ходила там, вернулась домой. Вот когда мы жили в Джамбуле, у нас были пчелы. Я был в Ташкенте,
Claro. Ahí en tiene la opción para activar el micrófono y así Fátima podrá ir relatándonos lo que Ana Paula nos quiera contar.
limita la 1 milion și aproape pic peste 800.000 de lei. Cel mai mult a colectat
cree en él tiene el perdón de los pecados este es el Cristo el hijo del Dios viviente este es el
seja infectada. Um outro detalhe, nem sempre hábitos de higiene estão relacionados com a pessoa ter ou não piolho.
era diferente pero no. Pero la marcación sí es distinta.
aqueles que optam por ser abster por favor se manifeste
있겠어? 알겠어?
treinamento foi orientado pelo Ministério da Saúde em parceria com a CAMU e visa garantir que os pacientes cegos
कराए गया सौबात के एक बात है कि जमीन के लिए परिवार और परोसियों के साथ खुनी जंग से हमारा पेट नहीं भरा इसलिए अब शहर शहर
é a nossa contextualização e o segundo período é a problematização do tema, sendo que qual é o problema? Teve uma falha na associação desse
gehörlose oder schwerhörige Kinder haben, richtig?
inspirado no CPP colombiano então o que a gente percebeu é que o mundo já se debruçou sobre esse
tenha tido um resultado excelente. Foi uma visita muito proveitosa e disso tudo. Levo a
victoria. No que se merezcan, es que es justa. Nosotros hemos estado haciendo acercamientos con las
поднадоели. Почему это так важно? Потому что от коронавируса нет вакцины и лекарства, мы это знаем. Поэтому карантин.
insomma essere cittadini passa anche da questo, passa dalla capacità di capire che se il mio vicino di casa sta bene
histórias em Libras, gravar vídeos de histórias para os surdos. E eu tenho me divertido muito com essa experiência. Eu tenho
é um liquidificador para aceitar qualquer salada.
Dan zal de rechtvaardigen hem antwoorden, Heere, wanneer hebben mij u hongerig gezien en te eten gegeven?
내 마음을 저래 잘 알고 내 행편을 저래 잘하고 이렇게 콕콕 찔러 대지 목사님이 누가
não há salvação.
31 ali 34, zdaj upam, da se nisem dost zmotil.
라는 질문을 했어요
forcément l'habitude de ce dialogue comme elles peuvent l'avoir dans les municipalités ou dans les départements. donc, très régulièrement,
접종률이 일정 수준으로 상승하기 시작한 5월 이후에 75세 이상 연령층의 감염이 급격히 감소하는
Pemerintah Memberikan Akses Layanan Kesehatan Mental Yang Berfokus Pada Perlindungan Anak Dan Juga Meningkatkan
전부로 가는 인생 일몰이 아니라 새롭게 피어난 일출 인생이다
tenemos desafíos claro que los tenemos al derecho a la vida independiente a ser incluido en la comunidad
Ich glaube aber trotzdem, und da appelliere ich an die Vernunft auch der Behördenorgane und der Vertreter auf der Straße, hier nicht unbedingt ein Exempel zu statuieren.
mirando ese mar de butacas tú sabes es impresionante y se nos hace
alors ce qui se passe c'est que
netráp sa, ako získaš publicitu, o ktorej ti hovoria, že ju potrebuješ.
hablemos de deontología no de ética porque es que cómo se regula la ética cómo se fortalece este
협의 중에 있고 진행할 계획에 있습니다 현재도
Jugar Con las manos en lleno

● ● ● ● ●

- _Directions_
Whenever a line in the material contains the word "tiene", copy that line.

- _Exercise response_
Claro. Ahí en tiene la opción para activar el micrófono y así Fátima podrá ir relatándonos lo que Ana Paula nos quiera contar.
cree en él tiene el perdón de los pecados este es el Cristo el hijo del Dios viviente este es el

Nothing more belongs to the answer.